*PROBLEM STATEMENT*:
Starting with the line that contains "subirem, mas com" and ending with the final line of the data below, print those lines exactly and nothing else.
*** Block opens ***
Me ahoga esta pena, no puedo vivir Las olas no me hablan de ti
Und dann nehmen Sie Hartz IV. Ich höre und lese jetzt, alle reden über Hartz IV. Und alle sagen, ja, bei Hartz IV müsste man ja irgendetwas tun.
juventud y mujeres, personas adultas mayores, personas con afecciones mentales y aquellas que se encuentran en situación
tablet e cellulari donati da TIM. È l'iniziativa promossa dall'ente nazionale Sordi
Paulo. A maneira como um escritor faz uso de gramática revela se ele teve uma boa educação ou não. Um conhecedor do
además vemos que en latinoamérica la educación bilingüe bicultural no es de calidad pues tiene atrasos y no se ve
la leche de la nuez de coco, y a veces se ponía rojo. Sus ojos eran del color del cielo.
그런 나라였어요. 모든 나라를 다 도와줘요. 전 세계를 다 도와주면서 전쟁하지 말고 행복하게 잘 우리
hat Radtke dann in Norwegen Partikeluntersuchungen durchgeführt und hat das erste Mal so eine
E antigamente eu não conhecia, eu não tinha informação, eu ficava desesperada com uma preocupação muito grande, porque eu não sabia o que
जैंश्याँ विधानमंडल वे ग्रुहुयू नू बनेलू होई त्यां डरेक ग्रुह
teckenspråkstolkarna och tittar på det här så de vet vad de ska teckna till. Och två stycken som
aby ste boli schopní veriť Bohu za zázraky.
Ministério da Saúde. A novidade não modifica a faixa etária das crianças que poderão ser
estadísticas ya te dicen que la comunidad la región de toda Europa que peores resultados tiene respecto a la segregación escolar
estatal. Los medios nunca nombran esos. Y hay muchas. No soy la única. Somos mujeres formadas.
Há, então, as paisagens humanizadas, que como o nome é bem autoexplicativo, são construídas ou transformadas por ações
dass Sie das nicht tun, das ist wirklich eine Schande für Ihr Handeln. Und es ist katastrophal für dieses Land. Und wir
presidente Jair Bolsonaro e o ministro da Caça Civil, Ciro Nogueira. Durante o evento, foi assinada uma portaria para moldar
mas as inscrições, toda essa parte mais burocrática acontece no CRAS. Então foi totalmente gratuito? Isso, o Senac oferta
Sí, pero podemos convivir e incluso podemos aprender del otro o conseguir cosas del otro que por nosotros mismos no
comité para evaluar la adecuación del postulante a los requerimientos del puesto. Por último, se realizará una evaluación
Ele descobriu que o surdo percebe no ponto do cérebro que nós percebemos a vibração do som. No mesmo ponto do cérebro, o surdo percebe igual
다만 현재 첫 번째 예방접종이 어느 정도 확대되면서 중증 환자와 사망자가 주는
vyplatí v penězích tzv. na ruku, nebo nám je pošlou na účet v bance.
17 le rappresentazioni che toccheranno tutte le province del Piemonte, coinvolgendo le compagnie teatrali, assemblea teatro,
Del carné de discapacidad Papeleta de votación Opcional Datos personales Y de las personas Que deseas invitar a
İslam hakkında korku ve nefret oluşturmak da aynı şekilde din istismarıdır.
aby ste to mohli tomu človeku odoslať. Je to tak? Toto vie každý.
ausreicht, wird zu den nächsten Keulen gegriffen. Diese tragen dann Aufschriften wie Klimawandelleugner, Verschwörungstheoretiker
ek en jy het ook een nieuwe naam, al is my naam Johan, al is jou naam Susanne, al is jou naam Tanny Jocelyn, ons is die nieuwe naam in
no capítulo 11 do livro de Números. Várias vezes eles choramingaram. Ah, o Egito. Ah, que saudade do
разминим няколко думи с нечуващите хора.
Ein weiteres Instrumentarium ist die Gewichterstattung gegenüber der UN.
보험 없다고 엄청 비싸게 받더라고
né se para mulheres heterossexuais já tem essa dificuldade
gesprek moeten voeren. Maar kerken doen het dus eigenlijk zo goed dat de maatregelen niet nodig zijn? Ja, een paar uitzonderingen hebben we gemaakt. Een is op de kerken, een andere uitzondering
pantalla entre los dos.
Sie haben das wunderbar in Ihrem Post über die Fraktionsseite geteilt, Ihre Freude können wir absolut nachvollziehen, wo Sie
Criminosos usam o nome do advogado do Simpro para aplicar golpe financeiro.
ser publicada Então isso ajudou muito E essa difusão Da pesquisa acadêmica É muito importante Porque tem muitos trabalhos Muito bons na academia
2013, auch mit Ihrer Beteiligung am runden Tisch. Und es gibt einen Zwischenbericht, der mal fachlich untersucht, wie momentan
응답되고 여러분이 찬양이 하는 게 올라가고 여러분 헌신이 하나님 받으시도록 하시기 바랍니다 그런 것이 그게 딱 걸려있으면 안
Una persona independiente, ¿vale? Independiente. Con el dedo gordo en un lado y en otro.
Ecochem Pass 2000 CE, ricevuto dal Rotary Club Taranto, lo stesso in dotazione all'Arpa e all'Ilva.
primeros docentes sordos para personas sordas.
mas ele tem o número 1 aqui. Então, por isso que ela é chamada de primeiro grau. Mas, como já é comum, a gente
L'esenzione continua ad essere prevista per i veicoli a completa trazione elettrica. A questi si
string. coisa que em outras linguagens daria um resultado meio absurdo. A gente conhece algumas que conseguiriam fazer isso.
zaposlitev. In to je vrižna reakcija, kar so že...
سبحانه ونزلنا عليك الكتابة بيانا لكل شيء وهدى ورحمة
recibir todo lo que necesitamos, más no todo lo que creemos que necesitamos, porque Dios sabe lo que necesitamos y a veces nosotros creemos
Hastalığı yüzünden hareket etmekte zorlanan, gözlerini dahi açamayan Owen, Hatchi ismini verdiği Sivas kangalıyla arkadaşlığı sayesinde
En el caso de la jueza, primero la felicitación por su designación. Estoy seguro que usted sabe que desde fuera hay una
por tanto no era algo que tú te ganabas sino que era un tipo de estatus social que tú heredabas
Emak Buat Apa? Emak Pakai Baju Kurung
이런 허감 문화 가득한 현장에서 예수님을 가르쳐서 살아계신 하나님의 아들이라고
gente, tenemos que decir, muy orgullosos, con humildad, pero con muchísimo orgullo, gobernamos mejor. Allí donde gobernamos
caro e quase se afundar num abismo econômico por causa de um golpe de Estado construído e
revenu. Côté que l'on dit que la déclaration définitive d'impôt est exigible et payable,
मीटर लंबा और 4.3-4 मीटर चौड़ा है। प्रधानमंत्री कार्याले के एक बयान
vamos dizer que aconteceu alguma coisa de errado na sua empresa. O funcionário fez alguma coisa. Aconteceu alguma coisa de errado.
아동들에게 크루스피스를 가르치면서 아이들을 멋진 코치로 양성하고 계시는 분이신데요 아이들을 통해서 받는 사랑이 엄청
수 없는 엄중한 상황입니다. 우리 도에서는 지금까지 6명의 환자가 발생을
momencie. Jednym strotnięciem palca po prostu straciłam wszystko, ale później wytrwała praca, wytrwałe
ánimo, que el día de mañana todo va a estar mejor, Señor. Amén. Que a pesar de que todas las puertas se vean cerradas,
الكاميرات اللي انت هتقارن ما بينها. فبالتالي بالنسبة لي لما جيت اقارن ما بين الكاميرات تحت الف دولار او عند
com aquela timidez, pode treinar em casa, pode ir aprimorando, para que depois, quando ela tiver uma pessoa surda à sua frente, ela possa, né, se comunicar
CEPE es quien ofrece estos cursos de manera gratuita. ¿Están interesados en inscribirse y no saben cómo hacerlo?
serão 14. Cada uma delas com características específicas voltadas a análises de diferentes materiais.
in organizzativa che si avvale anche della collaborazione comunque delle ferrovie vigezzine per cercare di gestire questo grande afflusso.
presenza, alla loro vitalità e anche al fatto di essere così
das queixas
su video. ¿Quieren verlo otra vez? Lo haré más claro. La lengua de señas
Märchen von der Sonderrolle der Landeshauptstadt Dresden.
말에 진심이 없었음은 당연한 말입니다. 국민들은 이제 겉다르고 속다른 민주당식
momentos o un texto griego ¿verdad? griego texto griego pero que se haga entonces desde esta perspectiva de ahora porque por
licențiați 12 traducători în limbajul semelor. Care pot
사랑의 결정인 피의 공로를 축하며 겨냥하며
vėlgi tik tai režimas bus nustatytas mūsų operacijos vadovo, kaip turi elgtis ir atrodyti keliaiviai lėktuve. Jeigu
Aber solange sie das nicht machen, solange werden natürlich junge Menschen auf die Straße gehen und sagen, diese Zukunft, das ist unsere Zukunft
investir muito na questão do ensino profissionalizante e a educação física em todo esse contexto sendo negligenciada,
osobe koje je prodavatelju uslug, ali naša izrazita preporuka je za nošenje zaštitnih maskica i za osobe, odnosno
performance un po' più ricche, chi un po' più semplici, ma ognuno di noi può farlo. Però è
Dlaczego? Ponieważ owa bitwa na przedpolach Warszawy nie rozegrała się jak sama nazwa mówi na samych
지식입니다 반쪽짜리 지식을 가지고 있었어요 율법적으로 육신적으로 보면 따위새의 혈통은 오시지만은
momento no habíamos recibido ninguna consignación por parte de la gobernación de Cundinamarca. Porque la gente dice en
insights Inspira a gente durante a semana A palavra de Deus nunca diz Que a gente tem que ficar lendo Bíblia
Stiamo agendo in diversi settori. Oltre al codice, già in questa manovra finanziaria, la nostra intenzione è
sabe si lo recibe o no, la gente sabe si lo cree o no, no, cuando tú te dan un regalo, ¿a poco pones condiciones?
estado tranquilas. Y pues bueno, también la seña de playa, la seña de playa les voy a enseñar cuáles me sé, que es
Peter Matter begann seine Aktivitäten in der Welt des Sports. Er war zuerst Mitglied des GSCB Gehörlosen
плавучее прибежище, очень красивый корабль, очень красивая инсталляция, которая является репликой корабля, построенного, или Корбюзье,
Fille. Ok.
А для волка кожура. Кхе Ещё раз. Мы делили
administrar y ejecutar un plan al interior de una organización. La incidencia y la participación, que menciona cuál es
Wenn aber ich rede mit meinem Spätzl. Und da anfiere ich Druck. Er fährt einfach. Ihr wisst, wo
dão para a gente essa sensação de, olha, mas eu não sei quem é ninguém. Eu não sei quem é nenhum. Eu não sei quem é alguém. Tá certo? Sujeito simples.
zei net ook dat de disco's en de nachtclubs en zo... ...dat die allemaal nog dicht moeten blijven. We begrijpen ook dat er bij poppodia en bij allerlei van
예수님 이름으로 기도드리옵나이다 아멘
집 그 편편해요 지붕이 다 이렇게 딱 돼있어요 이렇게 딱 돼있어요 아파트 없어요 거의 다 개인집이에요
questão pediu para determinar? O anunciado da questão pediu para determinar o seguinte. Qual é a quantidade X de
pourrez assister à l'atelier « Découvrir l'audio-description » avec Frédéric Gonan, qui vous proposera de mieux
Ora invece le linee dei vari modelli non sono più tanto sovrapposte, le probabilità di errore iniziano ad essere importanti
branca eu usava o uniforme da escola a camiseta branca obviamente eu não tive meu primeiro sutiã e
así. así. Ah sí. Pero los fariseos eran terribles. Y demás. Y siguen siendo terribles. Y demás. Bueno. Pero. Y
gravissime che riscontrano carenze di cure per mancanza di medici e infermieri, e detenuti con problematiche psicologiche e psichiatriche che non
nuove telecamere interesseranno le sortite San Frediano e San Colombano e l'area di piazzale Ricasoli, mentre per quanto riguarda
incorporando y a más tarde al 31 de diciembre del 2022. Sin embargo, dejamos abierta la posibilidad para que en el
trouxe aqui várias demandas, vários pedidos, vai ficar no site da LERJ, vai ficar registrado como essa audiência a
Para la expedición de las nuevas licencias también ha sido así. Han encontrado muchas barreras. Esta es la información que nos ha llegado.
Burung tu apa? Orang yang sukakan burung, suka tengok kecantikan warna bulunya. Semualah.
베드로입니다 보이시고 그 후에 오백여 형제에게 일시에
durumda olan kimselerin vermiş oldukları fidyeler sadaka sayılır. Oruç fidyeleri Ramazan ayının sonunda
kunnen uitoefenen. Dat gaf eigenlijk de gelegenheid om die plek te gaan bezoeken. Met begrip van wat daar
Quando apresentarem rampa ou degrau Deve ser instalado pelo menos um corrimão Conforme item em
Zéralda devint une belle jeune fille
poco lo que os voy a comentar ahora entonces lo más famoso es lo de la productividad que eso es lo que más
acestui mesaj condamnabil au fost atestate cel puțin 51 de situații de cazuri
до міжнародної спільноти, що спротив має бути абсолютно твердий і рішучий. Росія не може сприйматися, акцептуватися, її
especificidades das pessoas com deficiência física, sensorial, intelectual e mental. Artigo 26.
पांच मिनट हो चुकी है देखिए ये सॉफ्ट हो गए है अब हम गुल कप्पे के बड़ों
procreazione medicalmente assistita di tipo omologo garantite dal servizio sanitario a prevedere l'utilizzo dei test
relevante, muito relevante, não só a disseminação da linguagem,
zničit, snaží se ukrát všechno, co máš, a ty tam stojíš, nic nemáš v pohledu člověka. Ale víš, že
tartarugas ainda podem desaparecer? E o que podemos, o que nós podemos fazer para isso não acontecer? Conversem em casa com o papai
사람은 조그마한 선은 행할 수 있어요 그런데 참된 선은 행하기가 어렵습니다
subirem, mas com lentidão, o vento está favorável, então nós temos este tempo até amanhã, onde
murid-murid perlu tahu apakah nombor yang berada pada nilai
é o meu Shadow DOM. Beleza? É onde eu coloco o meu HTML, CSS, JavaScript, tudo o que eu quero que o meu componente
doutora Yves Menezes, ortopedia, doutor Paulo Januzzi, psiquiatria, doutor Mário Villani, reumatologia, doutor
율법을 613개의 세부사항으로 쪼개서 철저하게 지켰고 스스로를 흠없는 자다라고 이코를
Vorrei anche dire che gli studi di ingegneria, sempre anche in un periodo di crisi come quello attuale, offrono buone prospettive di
*** Block closes ***
*EXPECTED OUTPUT*:
subirem, mas com lentidão, o vento está favorável, então nós temos este tempo até amanhã, onde
murid-murid perlu tahu apakah nombor yang berada pada nilai
é o meu Shadow DOM. Beleza? É onde eu coloco o meu HTML, CSS, JavaScript, tudo o que eu quero que o meu componente
doutora Yves Menezes, ortopedia, doutor Paulo Januzzi, psiquiatria, doutor Mário Villani, reumatologia, doutor
율법을 613개의 세부사항으로 쪼개서 철저하게 지켰고 스스로를 흠없는 자다라고 이코를
Vorrei anche dire che gli studi di ingegneria, sempre anche in un periodo di crisi come quello attuale, offrono buone prospettive di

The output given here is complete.